Приборная доска оказалась именно такой, какой она была описана в руководстве. Брауни наклонился над кабиной, чтобы помочь мне запустить двигатель. С ловкостью, приходящей после того, как человек проведет в машине тысячу часов, он запустил двигатель. Я наблюдал за быстрой сменой его движений, стараясь запомнить их.
Сквозь грохочущий шум мотора он закричал мне:
— Если что-нибудь случится, сообщите нам. Подымитесь на полчасика и прощупайте его. — На этом все его объяснения закончились, и самолет остался в моем распоряжении. Брауни обошелся без отцовских наставлений. Спрыгнув на землю, он зашагал к ангару.
Теперь я постарался вспомнить об одномоторном самолете все, что когда-то знал: «Помни, что при огромной мощности двигателя придется много поработать рулем направления, чтобы удержать эту штуку на взлетной полосе». Что еще?
Брауни не шутил. Двигатель ревел так, словно вот-вот готов был сорваться с подмоторной рамы. Я вырулил на старт, раскрыл крыло, проверил работу магнето. Быстрая проверка моторных приборов — и мне разрешен взлет. Справа от меня на взлетно-посадочной полосе номер 2–5 аэропорта Лос-Анжелос начал выруливать на взлет самолет Саусуэст Эрлайнс, старый друг. Я машинально помахал ему рукой, смутился и быстро опустил ее вниз. «Саусуэст» игнорировал мое приветствие и, громыхая, прорулил мимо.
«Он обладает большой скороподъемностью», — предупреждал меня Брауни. Я оторвался от земли и установил угол набора высоты. Большая скороподъемность? AD начал набирать высоту, словно кто-то поддал ему сзади.
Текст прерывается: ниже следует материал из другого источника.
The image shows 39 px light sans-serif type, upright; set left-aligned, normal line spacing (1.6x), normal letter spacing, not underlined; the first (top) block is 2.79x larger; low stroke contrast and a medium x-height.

На высоте шесть тысяч метров я перевожу самолет с набора высоты в горизонтальный полет, уменьшаю обороты двигателя — и вот снова она, моя стихия. Как всегда, после длительного отпуска я испытываю восторг при первом взгляде вниз, на землю. Нигде я не чувствую себя так свободно, как здесь, в пустынном, бескрайнем небе. Находишься словно на вершине, и ничто здесь не скроется от твоего зоркого глаза. Здесь, на высоте, чувствуешь себя великим. И мчишься, мчишься… Я разворачиваю самолет на юг, к Лагуне. Ни пассажиров, ни расписания, ни аэропорта, куда следует прибыть по этому расписанию. Только я и самолет AD, да калифорнийское побережье, окаймленное горами. Штурмовик обладает большей мощностью, чем любой другой самолет, которым я когда-либо управлял. У этого маленького самолета двигатель огромной мощности. У Лагуны я выхожу к океану, поворачиваю на север и лечу, едва не зарываясь в волны. AD — как жеребенок на голубом лугу.